Anna se volvió desde la estufa para mirar fijamente a McConnell.
– Se lo mostré -confesó él-. Stern, ese diario describe lo que yo jamás hubiera creído.
– ¿Qué es? ¿El exterminio premeditado de miles de judíos?
– No. Eso es horrible, pero no es novedoso. Ha sucedido muchas veces en la historia. La diferencia es que los nazis encargaron esa tarea a los médicos. Han trastrocado los valores humanos hasta tal punto, que los que deben curar son los principales asesinos.
– ¿Cree que un médico asesino es distinto de cualquier otro asesino? -preguntó Stern con desdén.
– Precisamente. El médico jura defender la vida. No hacer mal a nadie : esa es la primera ley de la medicina. El médico asesino es peor que el sacerdote asesino. Los papas y los curas han dirigido algunas de las peores masacres de la historia. Pero el asesinato en masa premeditado en nombre de la ciencia médica es algo inédito.

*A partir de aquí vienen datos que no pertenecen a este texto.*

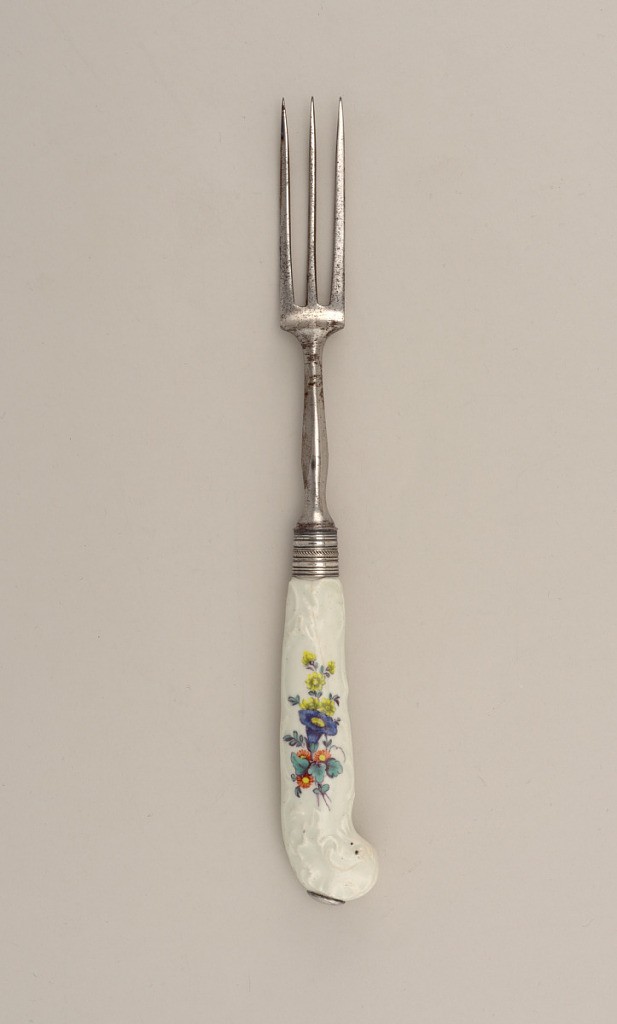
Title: Fork with Porcelain Handle (Paired with Knife)
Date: ca. 1755–1780
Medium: steel, silver; porcelain, vitreous enamel
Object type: fork
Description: Three curved tines, waisted shoulder, and baluster-shaped neck. Banded silver ferrule. Pistol-shaped white porcelain handle, decorated with raised scrollwork and floral sprays on front and back in yellow, blue, red, green, pink and purple. Small silver cap at the end of the handle.

La máquina de propaganda de Hitler ha inculcado una especie de mentalidad biopolítica en el pueblo alemán. Los ha convencido de que ciertas razas, entre ellas la judía, son bacilos mortales que deben ser erradicados. Hay toda una generación de médicos alemanes que parece creer que mata a millones de personas por el bien del organismo nacional. Una vez, usted me aleccionó sobre el mal.
Bueno, me convenció, ¿entiende? Si existe el mal en estado puro, son los nazis.
– Palabras -dijo Stern con una risotada amarga-. Usted es un intelectual, tiene que encontrarle un significado grandioso a lo que fuera. ¿Recuerda lo que le dije el día que lo conocí? Los nazis comprenden la verdadera naturaleza humana. La usan tal como es. Del hambre de poder hicieron una religión. ¡Y vaya si es efectiva! Lo es en cualquier lado, doctor, incluso en su país. ¿Cuántos de sus colegas no disputarían un puesto con la facultad de decidir quién vivirá y quién morirá? A cualquiera le gusta hacer el papel de Dios.
– Usted sabe que no es así, Stern. Pero, lamentablemente, tendremos que cumplir ese papel esta noche.
"Hitler no ha dado rienda suelta a la verdadera naturaleza humana -prosiguió McConnell ante el silencio de Stern-. Dio un salto tan tremendo hacia la locura que aun hoy nadie comprende la magnitud de lo que sucede. Pero usted y yo, sí. Por eso tenemos la obligación de hacer algo.
– ¡Pero usted dijo que el gas neurotóxico inglés no va a funcionar!
– Tal vez sí. Tenemos que intentarlo.
Stern alzó los brazos:
– ¡Bueno, adelante! Inténtelo.
– Lo haré si hace falta. ¿Por qué no me dice qué le pasa? Cuando llegamos, estaba dispuesto a sacrificarse y a matar a cualquiera con tal de llevar a cabo la misión. Ahora se niega. Durante dos días estuvo convencido de que el gas era eficaz. Ahora no. Anoche sucedió algo, Jonas. ¿Qué fue? ¿Qué es lo que me está ocultando?
– Está loco. -Se levantó y empezó pasearse por la cocina. Los músculos de sus brazos estaban tensos como cables.